(Dataset records)
________________

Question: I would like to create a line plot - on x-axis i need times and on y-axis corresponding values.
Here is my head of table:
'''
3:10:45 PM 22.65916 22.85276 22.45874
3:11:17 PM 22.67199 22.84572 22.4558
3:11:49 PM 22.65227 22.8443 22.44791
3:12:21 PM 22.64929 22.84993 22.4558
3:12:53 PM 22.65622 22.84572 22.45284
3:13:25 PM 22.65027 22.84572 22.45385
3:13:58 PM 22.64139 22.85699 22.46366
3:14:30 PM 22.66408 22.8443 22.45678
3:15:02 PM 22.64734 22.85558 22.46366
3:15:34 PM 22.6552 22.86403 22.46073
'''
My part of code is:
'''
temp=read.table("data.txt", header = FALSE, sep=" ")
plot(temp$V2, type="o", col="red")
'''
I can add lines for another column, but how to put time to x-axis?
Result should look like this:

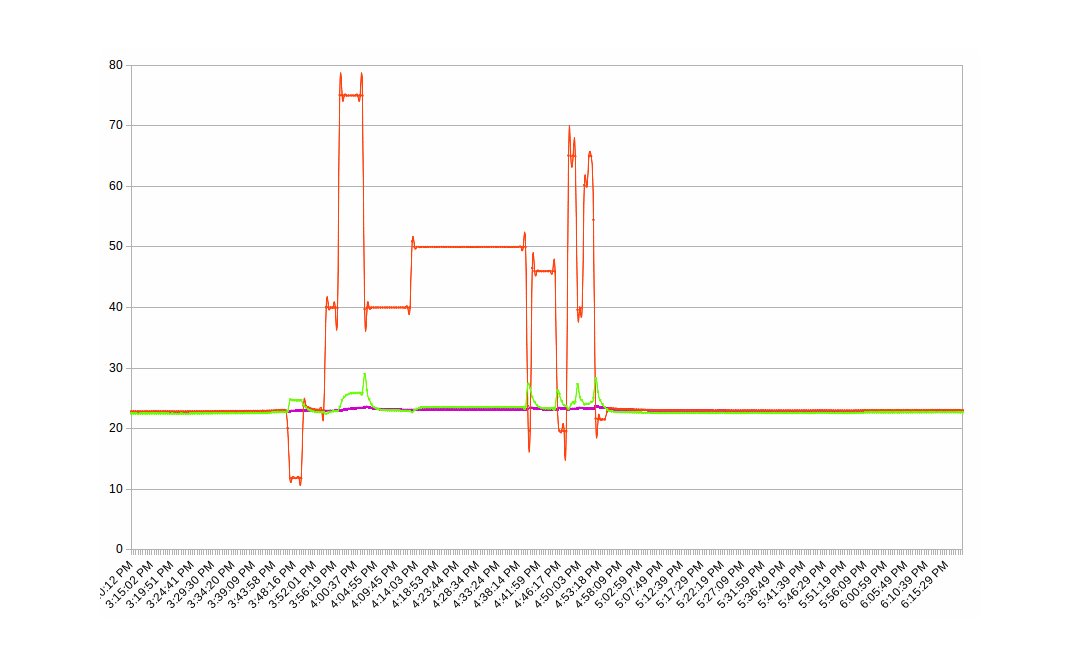
Answer: Try
'''
library(ggplot2)
library(scales)
library(reshape2)
p <- ggplot(mlt, aes(x=V1, y=value, col=variable))+
geom_line()
p+
scale_x_datetime(labels=date_format('%I:%M:%S %p')) +
theme_bw() +
theme(axis.text.x=element_text(angle=45, hjust=1)) +
xlab(NULL) +
ylab(NULL)
'''
You can also specify the 'limits' and 'breaks' in 'scale_x_datetime'
'''
lo <- with(mlt,as.POSIXct(strftime(min(V1),"%Y-%m-%d")))
hi <- with(mlt,as.POSIXct(strftime(as.Date(max(V1))+1,"%Y-%m-%d"))-1)
limits <- c(lo,hi)
p +
scale_x_datetime(breaks='1 hour',labels=date_format('%I:%M:%S %p'),
limits=limits) +
theme_bw() +
theme(axis.text.x=element_text(angle=45, hjust=1)) +
xlab(NULL) +
ylab(NULL)
'''
### data
'''
df <- structure(list(V1 = c("3:10:45 PM", "3:11:17 PM", "3:11:49 PM",
"3:12:21 PM", "3:12:53 PM", "3:13:25 PM", "3:13:58 PM", "3:14:30 PM",
"3:15:02 PM", "3:15:34 PM"), V2 = c(22.65916, 22.67199, 22.65227,
22.64929, 22.65622, 22.65027, 22.64139, 22.66408, 22.64734, 22.6552
), V3 = c(22.85276, 22.84572, 22.8443, 22.84993, 22.84572, 22.84572,
22.85699, 22.8443, 22.85558, 22.86403), V4 = c(22.45874, 22.4558,
22.44791, 22.4558, 22.45284, 22.45385, 22.46366, 22.45678, 22.46366,
22.46073)), .Names = c("V1", "V2", "V3", "V4"), class = "data.frame", row.names =
c(NA, -10L))
mlt <- melt(df, id.var='V1')
mlt$V1 <- as.POSIXct(mlt$V1, format='%I:%M:%S %p')
'''
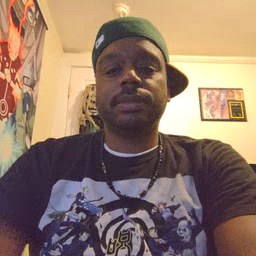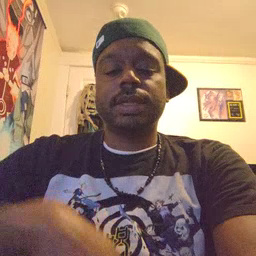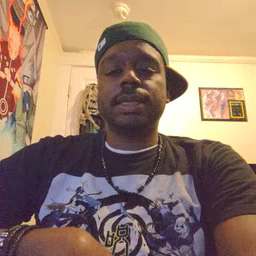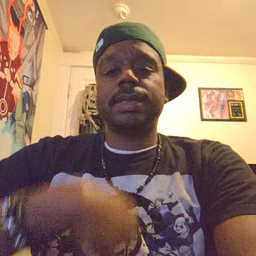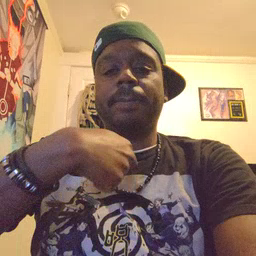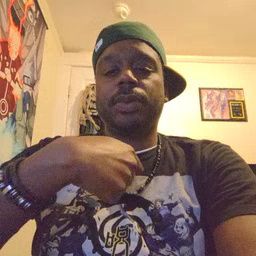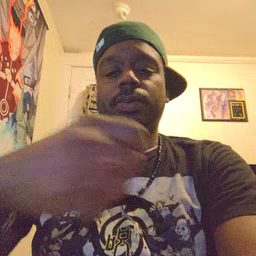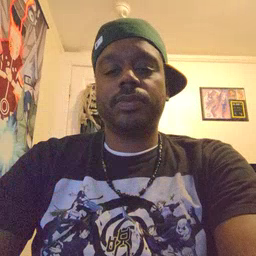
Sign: zipper
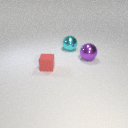
large purple metal sphere behind small red rubber cube
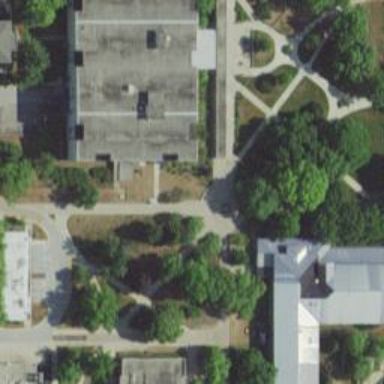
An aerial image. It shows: Library building.
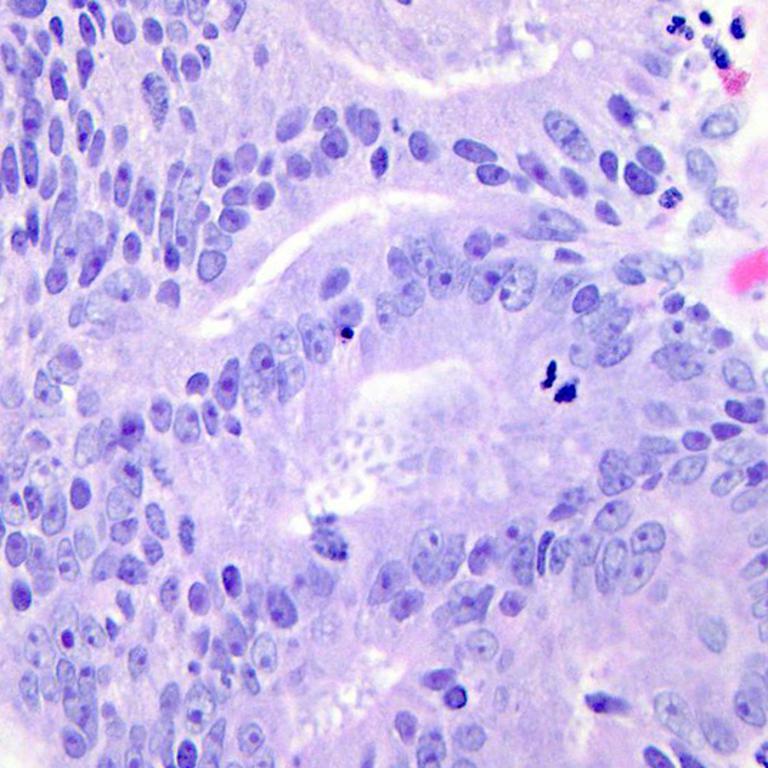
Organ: colon
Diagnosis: adenocarcinomas
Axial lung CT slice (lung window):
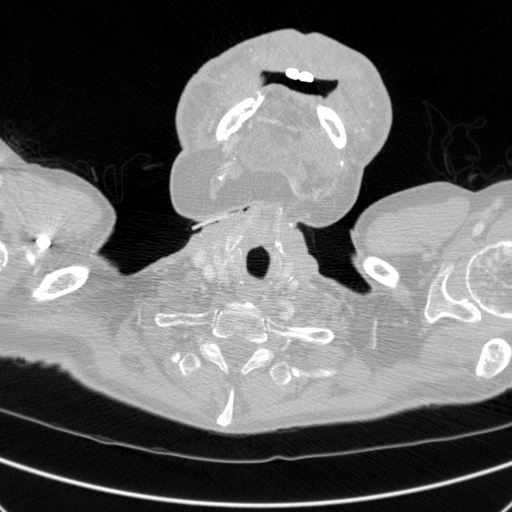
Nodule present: no
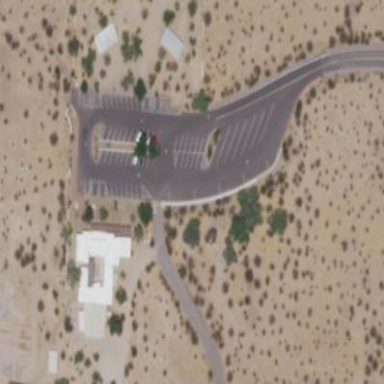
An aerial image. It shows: Parking area with surface parking available. Accommodates caravans.
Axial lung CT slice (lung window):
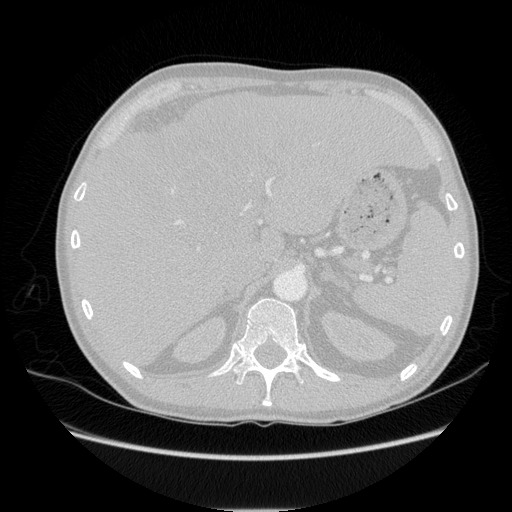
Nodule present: no
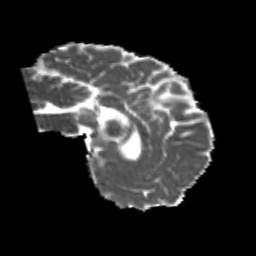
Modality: MD
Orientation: sagittal
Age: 25
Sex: male
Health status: healthy
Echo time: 0.074 s
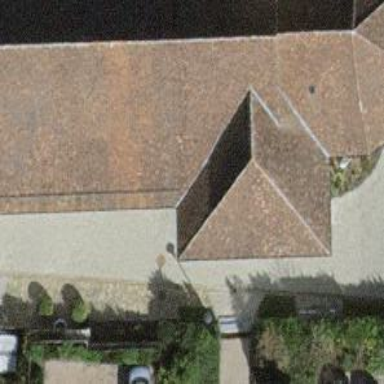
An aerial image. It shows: View of roof edge.
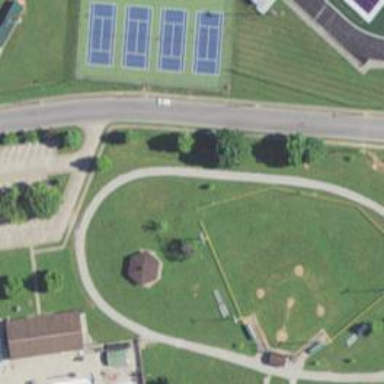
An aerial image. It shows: Baseball pitch for leisure land.
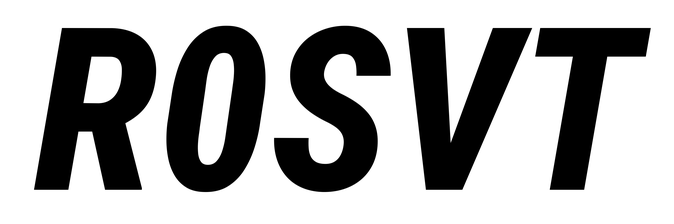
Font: Roboto-Italic_Condensed_ExtraBold_Italic
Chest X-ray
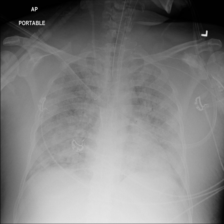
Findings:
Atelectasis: negative
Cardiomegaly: negative
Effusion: negative
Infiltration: positive
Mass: negative
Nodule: negative
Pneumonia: negative
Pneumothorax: negative
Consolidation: negative
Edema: negative
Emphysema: negative
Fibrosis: negative
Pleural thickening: negative
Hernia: negative
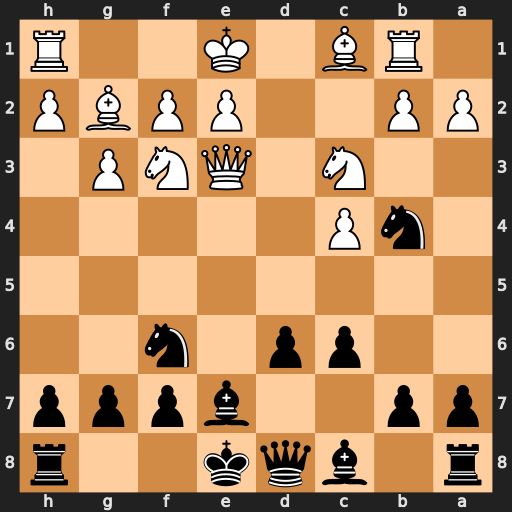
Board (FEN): r1bqk2r/pp2bppp/2pp1n2/8/1nP5/2N1QNP1/PP2PPBP/1RB1K2R
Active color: b
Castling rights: Kkq
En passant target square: -
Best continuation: Nc2+ Kf1 Nxe3+
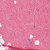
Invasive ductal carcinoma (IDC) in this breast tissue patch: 0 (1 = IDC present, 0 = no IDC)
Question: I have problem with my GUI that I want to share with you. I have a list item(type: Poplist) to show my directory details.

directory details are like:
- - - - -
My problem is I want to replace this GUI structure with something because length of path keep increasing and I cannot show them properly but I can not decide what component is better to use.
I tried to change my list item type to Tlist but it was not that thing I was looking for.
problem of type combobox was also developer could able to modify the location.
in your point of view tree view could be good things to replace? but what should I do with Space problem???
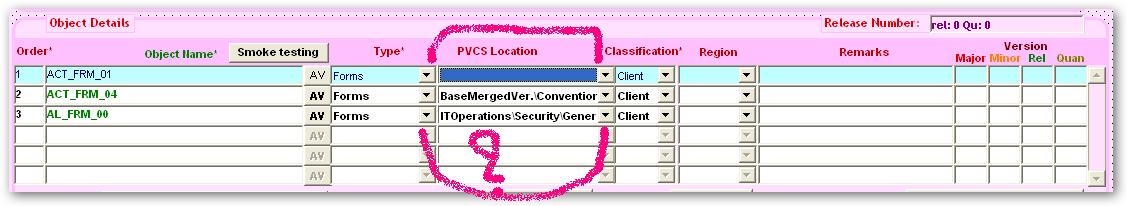
Answer: I don't know if this is what you are after but you can always programmatically set the tooltip of the item. The tooltip will then be displayed when the user is hovering the mouse over the item. The drawback is that Forms don't have instance level tooltip meaning that you need to reset the tooltip on something like When-New-Record-Instance. An alternative should be to in similar way use the hint text property. A third alternative could be to open the item Editor when the user double clicks the item or something like that.
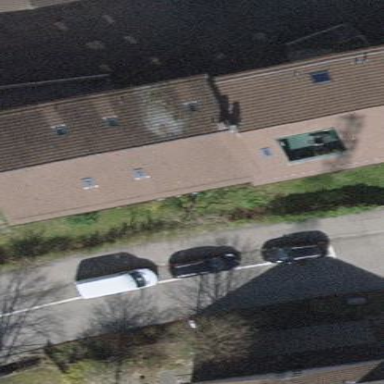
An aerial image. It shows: Apartment building with gabled roof made of roof tiles.
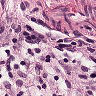
Metastatic tissue present: no
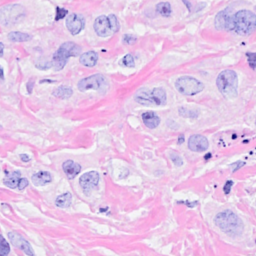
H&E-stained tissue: Breast

________________

■ **EXERCISE DIRECTIONS**
The answer should consist only of the lines above from the one with "Mass: negative" through the one with "Best continuation: Nc2+ Kf1 Nxe3+", repeated exactly, with no pictures among them.

■ **ANSWER TO THIS EXERCISE**
Mass: negative
Nodule: negative
Pneumonia: negative
Pneumothorax: negative
Consolidation: negative
Edema: negative
Emphysema: negative
Fibrosis: negative
Pleural thickening: negative
Hernia: negative
Board (FEN): r1bqk2r/pp2bppp/2pp1n2/8/1nP5/2N1QNP1/PP2PPBP/1RB1K2R
Active color: b
Castling rights: Kkq
En passant target square: -
Best continuation: Nc2+ Kf1 Nxe3+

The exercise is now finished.